Endovascular treatment can be a fast and safe option in the case of acute, internal bleeding – but it requires special knowledge and technical skills. Interventionalists must consider the anatomy and potential complications. As in this case report, the anterior spinal artery, for example, can be a crucial vessel that must always be considered when embolizing intercostal or lumbar arteries. The risk of spinal ischemia has to be taken into account and should be minimized by choosing the appropriate treatment option. We report about a 77 year old, male patient with upper gastrointestinal bleeding after esophagectomy and gastric conduit reconstruction. A CT scan identified a pseudoaneurysm of an intercostal artery penetrating the gastric conduit as the bleeding source. In the DSA, a direct connection between the intercostal artery and the anterior spinal artery appeared to be likely. Due to the associated risk of spinal ischemia, an embolization of the intercostal artery was not an option. We decided to implant a stentgraft that would stop the perfusion of the pseudoaneurysm, but preserve the perfusion of the intercostal artery. Due to the small diameter of the vessel, we could not implant our commonly used stentgrafts in this case. Therefore, we chose an uncommon solution and used a stentgraft that is designed primarily for coronary arteries. Whenever intercostal or lumbar arteries need to be embolized, a possible connection to the anterior spinal artery must be considered and interventionalists have to be aware of possible ischemic complications.
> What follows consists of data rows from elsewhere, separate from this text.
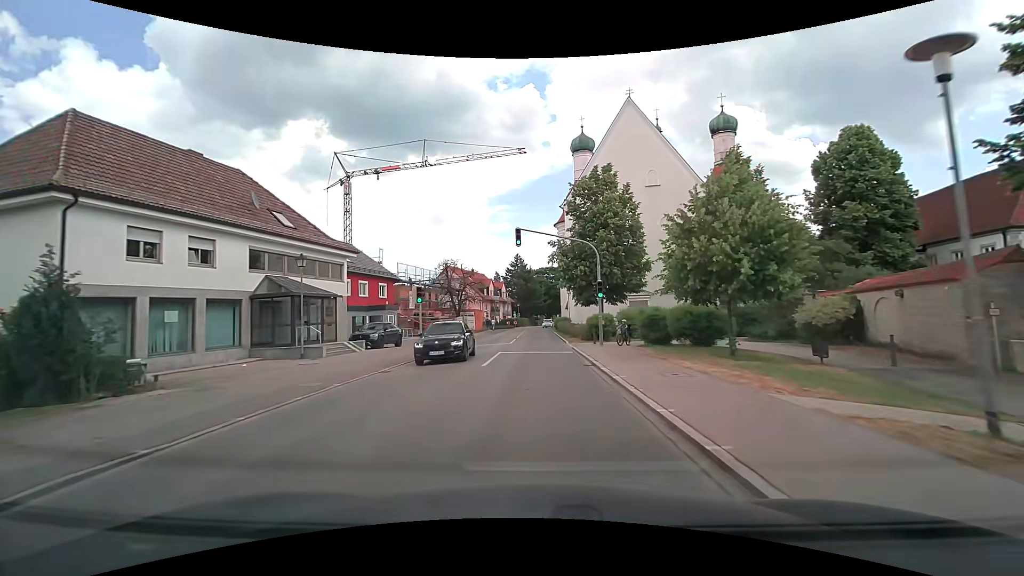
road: tertiary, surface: asphalt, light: Day
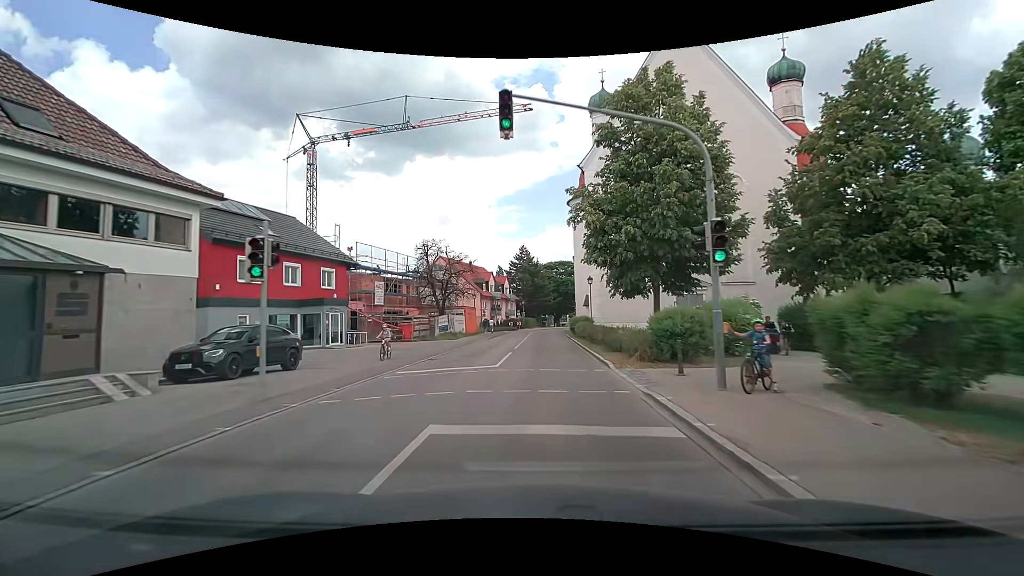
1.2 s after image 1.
(-0.1, +15.0) m; -1°
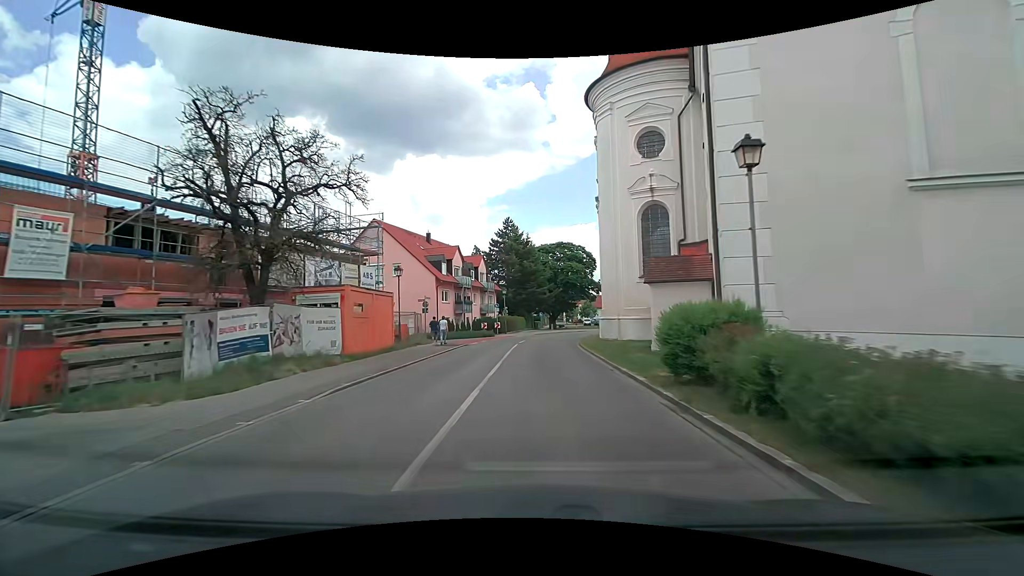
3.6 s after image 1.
(0.0, +29.8) m; +1°
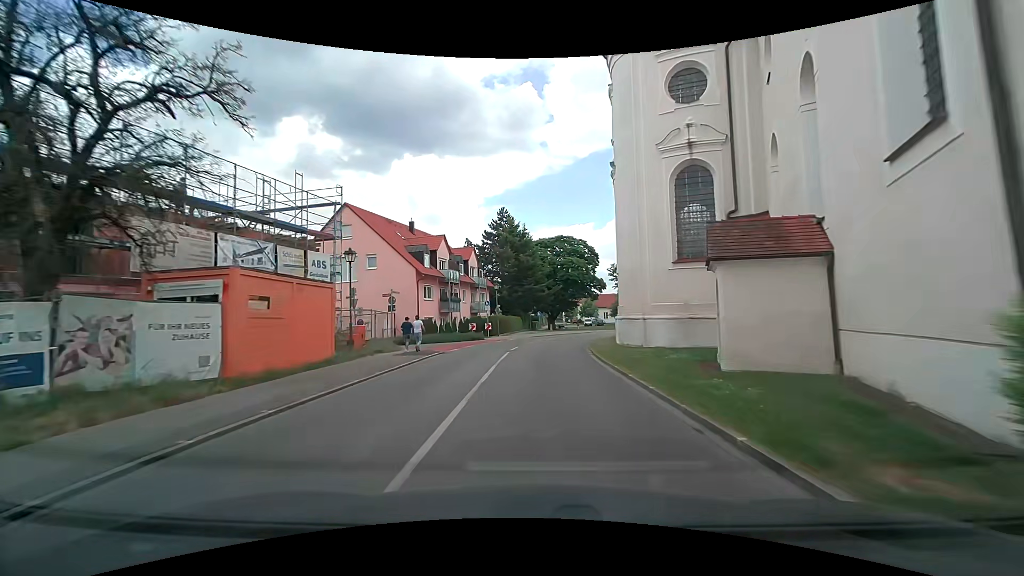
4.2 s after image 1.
(0.0, +7.2) m; 0°
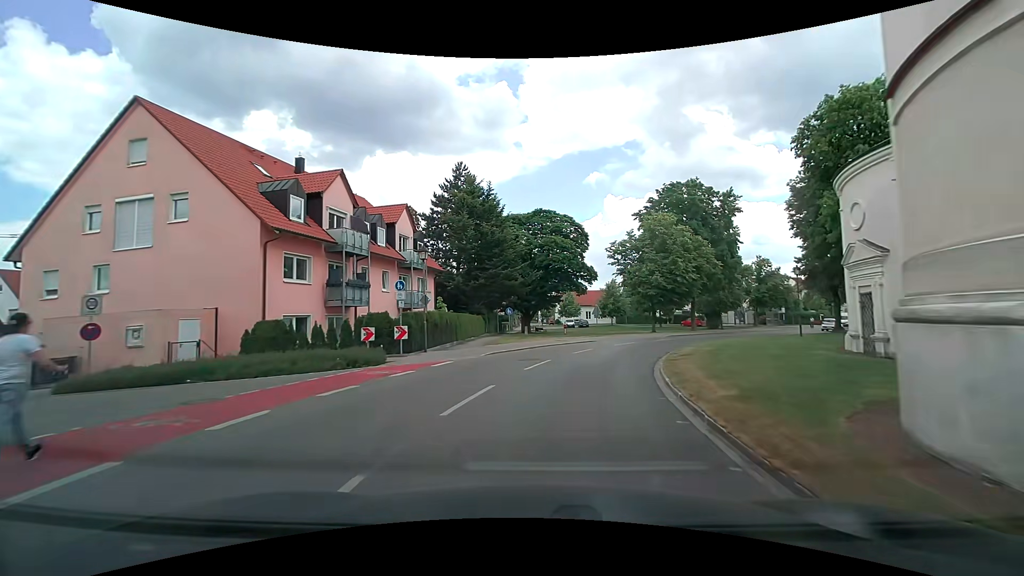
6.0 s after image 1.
(+0.3, +20.8) m; +2°
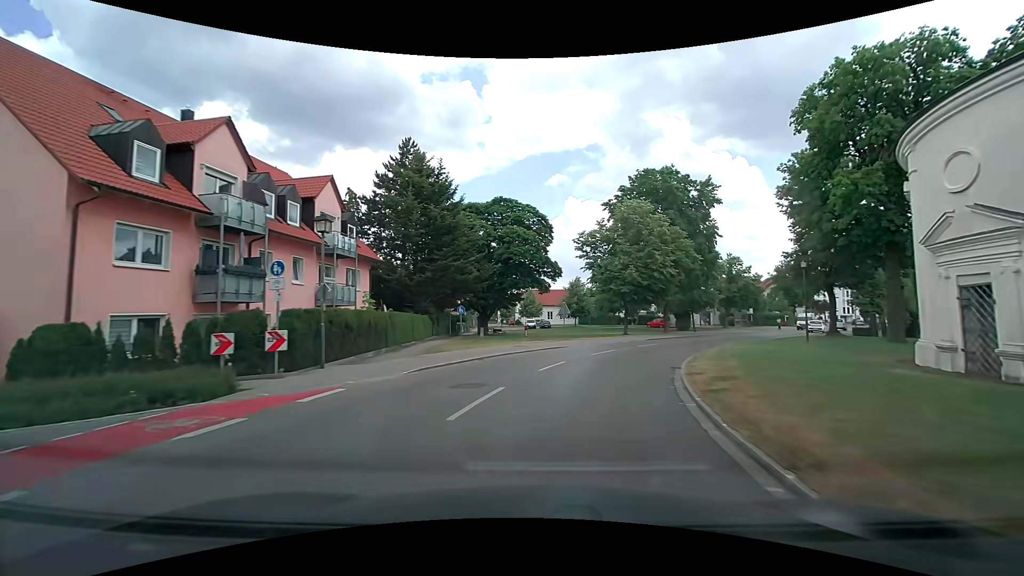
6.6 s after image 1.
(+0.2, +6.5) m; +4°
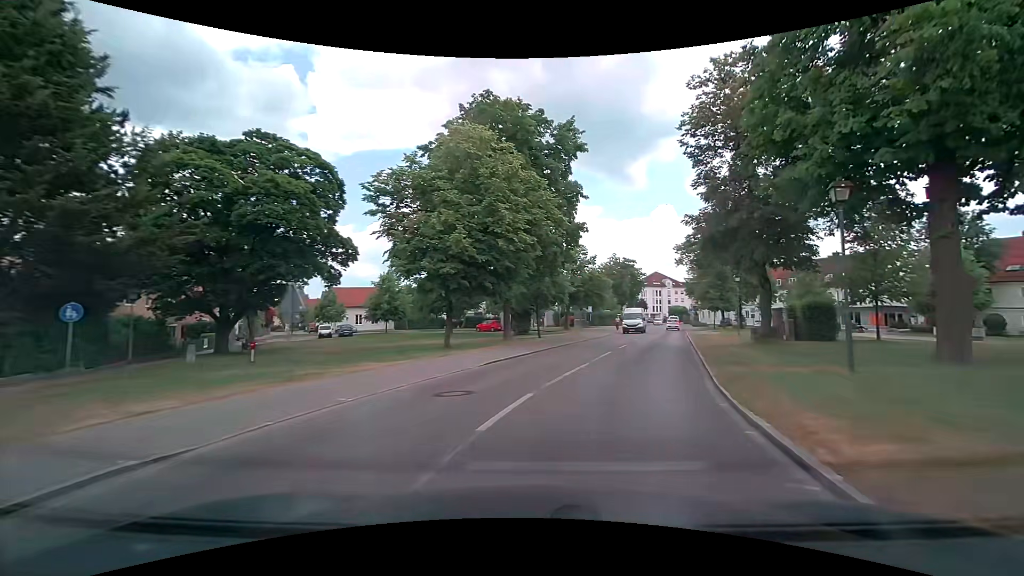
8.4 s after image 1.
(+2.8, +18.4) m; +19°
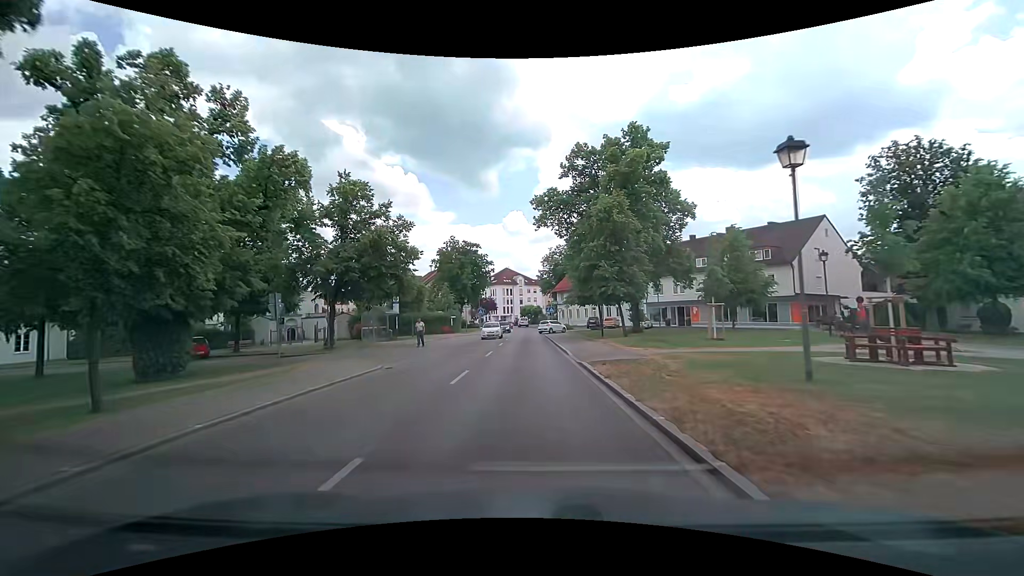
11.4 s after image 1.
(+7.3, +29.8) m; +18°
(0, +10) (0, +20) (0, +30) (0, +40) (-1, +50) (-1, +60) (-1, +70) (-1, +80) (-2, +90) (-2, +100) m

In this case, a stentgraft designed primarily for coronary arteries offered a good endovascular treatment option for the pseudoaneurysm of an intercostal artery. The risk of spinal ischemia could be minimized by using this stentgraft.

中文翻译:

肋间动脉的假性动脉瘤:PK纸莎草冠状动脉支架的血管内治疗可预防脊柱缺血

在发生急性内部出血的情况下,血管内治疗可能是一种快速而安全的选择,但它需要特殊的知识和技术技能。介入医师必须考虑解剖结构和潜在的并发症。如在本病例报告中所示,例如,在栓塞肋间或腰动脉时,必须始终考虑前脊髓动脉,这是至关重要的血管。必须考虑脊柱缺血的风险,并应通过选择适当的治疗方案来将其降至最低。我们报道了约77岁的男性患者,在食管切除术和胃导管重建术后出现上消化道出血。CT扫描发现穿透胃导管的肋间动脉假性动脉瘤是出血源。在DSA中,肋间动脉和脊柱前动脉之间可能存在直接连接。由于伴有脊髓缺血的风险,因此不能选择栓塞肋间动脉。我们决定植入一种支架移植物,以停止假性动脉瘤的灌注,但保留肋间动脉的灌注。由于血管直径小,在这种情况下我们无法植入常用的支架植入物。因此,我们选择了一种不常见的解决方案,并使用了主要用于冠状动脉的支架移植物。每当需要栓塞肋间或腰动脉时,必须考虑可能与脊髓前动脉的连接,介入医师必须意识到可能的缺血性并发症。在这种情况下,主要为冠状动脉设计的覆膜支架为肋间动脉的假性动脉瘤提供了良好的血管内治疗选择。通过使用这种支架移植物,可以将脊髓缺血的风险降到最低。